Tricare Reserve Select: Advantages
- Global coverage: This plan is available to eligible beneficiaries worldwide. Additionally, beneficiaries can seek health care at military treatment facilities on a space available basis.
- Freedom of choice: Beneficiaries can choose from any Tricare-authorized provider for health care. Selecting in-network providers will lower out-of-pocket costs.
- Referrals not required: While some health care services may require pre-authorizations, referrals are not mandated under this plan, reducing the paperwork burden for beneficiaries.
- Affordable comprehensive health care: This plan is more affordable than many comparable health care offerings in the civilian marketplace and is, therefore, a good option for many eligible Reservists or Guardsmen and their families.
Tricare Reserve Select: Disadvantages
- Imperfect transitions during and after activation: Although, on paper, the transition from Tricare Reserve Select to premium-free Tricare and back again in the event of activation should be seamless, in reality, this is rarely the case. Reservists and Guardsmen are often levied with the personal responsibility of maintaining detailed records about their activation and (especially) deactivation dates and communicating with Tricare in order to ensure no gap in coverage. For Reservists or Guardsmen who are frequently activated, this can pose a recurring issue and require them to closely monitor their coverage and anticipate any gaps.

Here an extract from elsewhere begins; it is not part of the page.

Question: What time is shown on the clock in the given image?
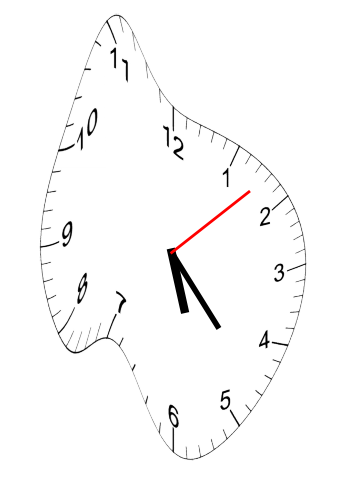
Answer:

- Ineligibility for Reservist or Guardsmen federal employees: As the legislation currently stands, members of the Selected Reserve who are concurrently federal employees, and therefore eligible for the Federal Employee Health Benefits Program, are ineligible for Tricare Reserve Select. This essentially forces some 110,000 Reservists and Guardsmen to pay more for their health insurance. However, this issue was introduced in Congress and a change was passed into law as Section 701 of the Fiscal Year (FY) 2020 National Defense Authorization Act (NDAA). Effective 2030, service members who are also eligible for the FEHB program will still be eligible for Tricare Reserve Select.

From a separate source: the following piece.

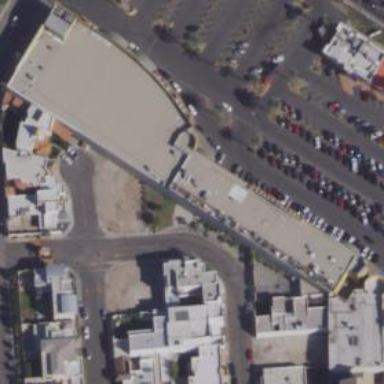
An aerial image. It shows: Mall building.

Editor’s Note: This is Ryan Guina, the founder of The Military Wallet chiming in. As a member of the Air National Guard, I can attest to the imperfect transitions between Tricare Reserve Select and Tricare Prime.
I have been activated for more than 30 days on three separate occasions since joining the Guard more than five years ago. The transition from Tricare Reserve Select to Prime and back usually goes smoothly, but not always. In one instance, I had an almost two-month break in coverage due to a problem with my orders. Thankfully, the Tricare customer service representative I spoke with was understanding, and one of my claims that occurred during this transition period was backdated. But it could have turned out differently.
If you experience this situation, make sure you open a case with Tricare, keep good notes and speak with your supervision at your unit. This is just one of many opportunities for improving Tricare.